Work to complete>
Leaving out all pictures, transcribe exactly the lines between the line with "Question: What time" and the last line of the records below, both included.

Data under study>
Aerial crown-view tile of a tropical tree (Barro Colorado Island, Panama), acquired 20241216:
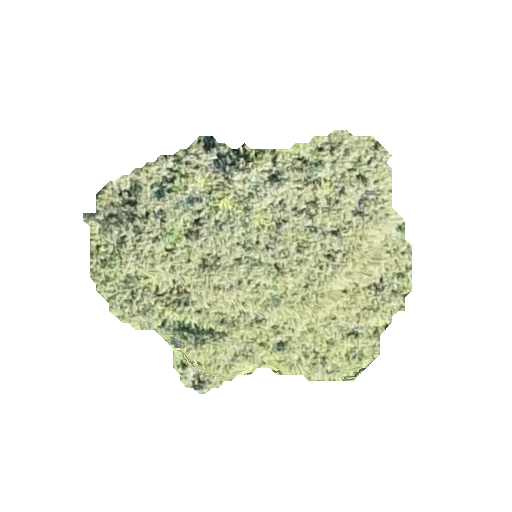
Species: Luehea seemannii
GBIF accepted scientific name: Luehea seemannii
Crown area: 92.255 m²
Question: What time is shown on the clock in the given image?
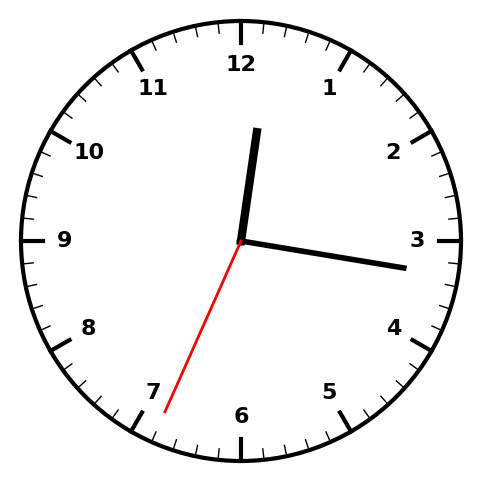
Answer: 12:16:34
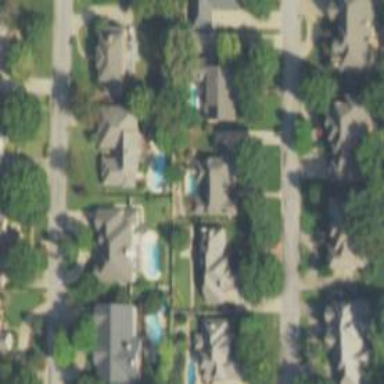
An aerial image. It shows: Neighborhood.
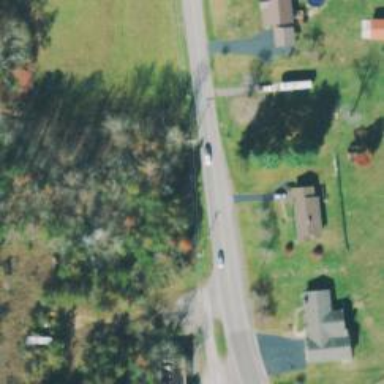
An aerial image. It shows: Secondary road.
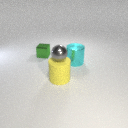
large cyan metal cylinder to the right of large yellow rubber cylinder
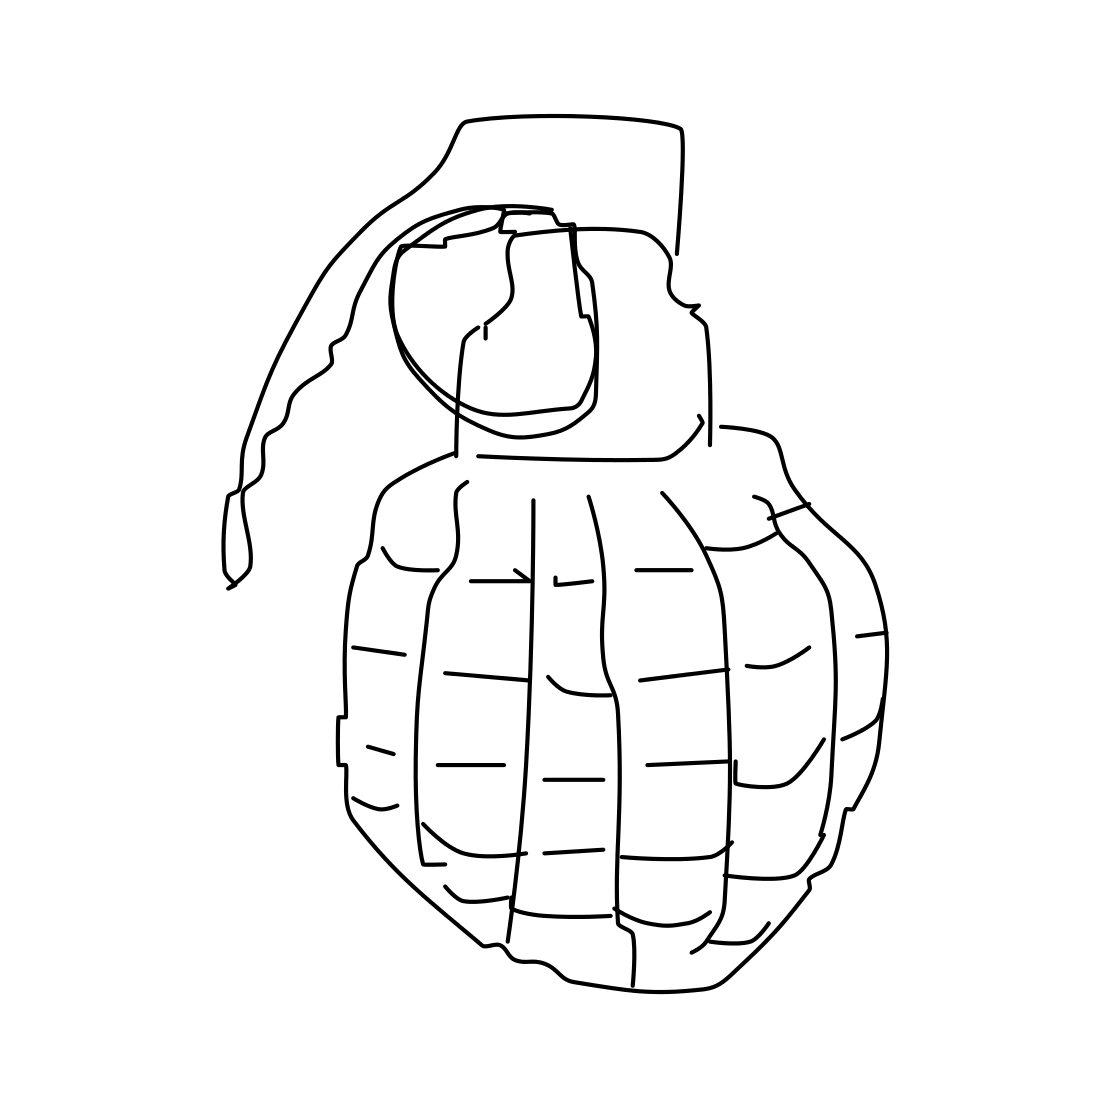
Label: grenade
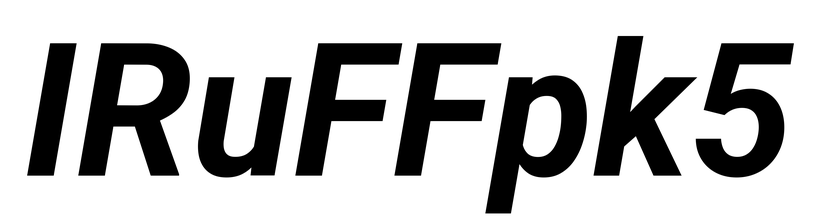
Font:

Answer to this task>
Question: What time is shown on the clock in the given image?
Answer: 12:16:34
An aerial image. It shows: Neighborhood.
An aerial image. It shows: Secondary road.
large cyan metal cylinder to the right of large yellow rubber cylinder
Label: grenade
Font:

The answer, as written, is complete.